- _Exercise brief_
Word for word, transcribe the lines from the one containing "A book cover" through the end of the entries, both included, and nothing else.

[Source data]
----

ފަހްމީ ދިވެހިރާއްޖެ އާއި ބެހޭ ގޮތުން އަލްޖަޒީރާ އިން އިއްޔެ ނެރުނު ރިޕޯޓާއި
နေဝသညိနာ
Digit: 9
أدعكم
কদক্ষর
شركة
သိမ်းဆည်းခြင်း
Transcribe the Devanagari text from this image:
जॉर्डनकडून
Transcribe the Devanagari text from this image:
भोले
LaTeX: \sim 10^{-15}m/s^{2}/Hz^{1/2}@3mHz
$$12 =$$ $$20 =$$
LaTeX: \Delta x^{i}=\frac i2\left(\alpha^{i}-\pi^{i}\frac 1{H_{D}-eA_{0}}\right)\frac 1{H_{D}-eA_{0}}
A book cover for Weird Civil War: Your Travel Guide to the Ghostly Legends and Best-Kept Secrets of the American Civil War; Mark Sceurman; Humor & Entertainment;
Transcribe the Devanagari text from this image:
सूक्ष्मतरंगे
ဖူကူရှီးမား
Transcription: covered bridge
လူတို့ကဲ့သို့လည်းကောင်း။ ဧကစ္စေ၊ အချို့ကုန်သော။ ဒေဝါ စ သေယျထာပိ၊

----

- _Exercise output_
A book cover for Weird Civil War: Your Travel Guide to the Ghostly Legends and Best-Kept Secrets of the American Civil War; Mark Sceurman; Humor & Entertainment;
Transcribe the Devanagari text from this image:
सूक्ष्मतरंगे
ဖူကူရှီးမား
Transcription: covered bridge
လူတို့ကဲ့သို့လည်းကောင်း။ ဧကစ္စေ၊ အချို့ကုန်သော။ ဒေဝါ စ သေယျထာပိ၊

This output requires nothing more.